DNR gave public notice of its preliminary leasing decision and received public comment. Alaska Riverways objected to the proposed leasing arrangement, opposing " the imposition of a tax on its gross business revenues" and questioning " the authority of the state to impose a permit or lease fee in the first instance." Alaska Riverways also objected to DNR's policy of only requiring leases from commercial users of shoreland. Despite its doubts regarding DNR's authority to require a lease, Alaska Riverways indicated that it had " no objection to a fixed lease amount" as opposed to one based on its passenger count.

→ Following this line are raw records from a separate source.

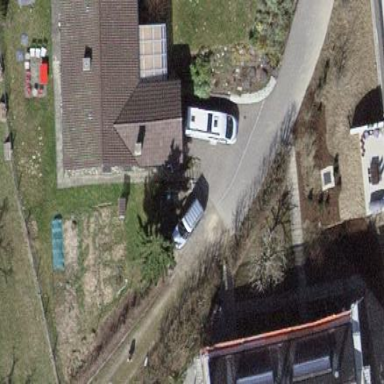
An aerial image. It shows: Residential building.
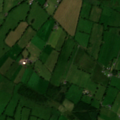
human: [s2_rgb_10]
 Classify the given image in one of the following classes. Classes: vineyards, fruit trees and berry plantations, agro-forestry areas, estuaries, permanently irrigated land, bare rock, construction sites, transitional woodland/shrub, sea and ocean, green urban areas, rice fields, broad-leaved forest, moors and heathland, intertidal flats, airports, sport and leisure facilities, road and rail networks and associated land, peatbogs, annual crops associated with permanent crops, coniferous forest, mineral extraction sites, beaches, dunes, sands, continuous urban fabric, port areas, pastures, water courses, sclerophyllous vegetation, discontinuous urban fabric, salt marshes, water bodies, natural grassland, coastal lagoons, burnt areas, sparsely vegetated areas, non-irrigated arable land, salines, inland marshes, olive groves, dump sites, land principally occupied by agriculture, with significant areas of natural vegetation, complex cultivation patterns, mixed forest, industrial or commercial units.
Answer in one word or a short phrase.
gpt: pastures
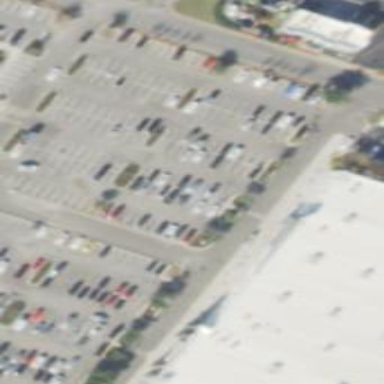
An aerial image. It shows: Parking space.
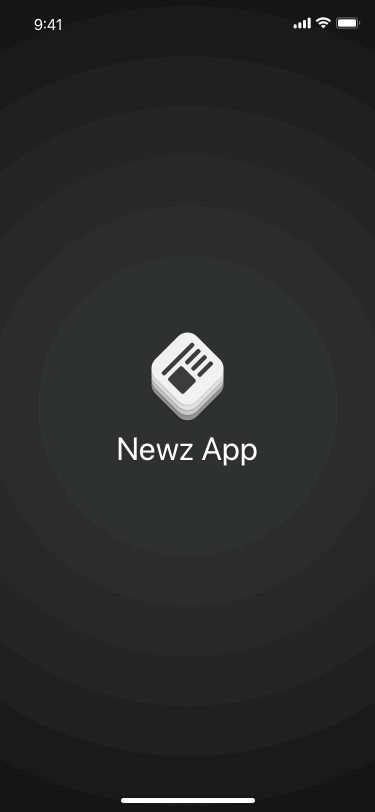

In August 2006 DNR issued a final finding and decision approving the leasing arrangement proposed in its preliminary decision and responding to comments from Alaska Riverways and others. Countering Alaska Riverways' various objections, DNR asserted that " [a] riparian owner does not have the right to occupy state shoreland to support commercial uses without any authorization or fee" and that " [r]egardless of whether any part of [the docks] physically touches state shorelands, the [Alaska Riverways] docks have removed a portion of the state-owned bed of the Chena River from public use." DNR also maintained that commercial and non-commercial riparian landowners are not " similarly situated" such that DNR must treat them the same and that 33 U.S.C. ยง 5(b), which prohibits the state from levying a tax for the use of navigable waters, is inapplicable because " DNR is not charging Alaska Riverways to navigate vessels on the Chena River." Alaska Riverways appealed the August 2006 final finding and decision to the commissioner of DNR, who affirmed it.

B. Proceedings

Alaska Riverways then appealed the commissioner's final decision to the superior court. In August 2008 Superior Court Judge Douglas Blankenship issued an opinion reversing DNR's leasing decision, concluding that " DNR does not have the authority to require [Alaska Riverways] to enter a lease in order to exercise its riparian right to wharf out." Although it reversed DNR's leasing decision, " [f]or the sake of completeness" the superior court went on to hold that if DNR could require a lease, the proposed lease would not violate Alaska Riverways' right to equal protection and the proposed fee structure would not violate federal law or otherwise be inappropriate.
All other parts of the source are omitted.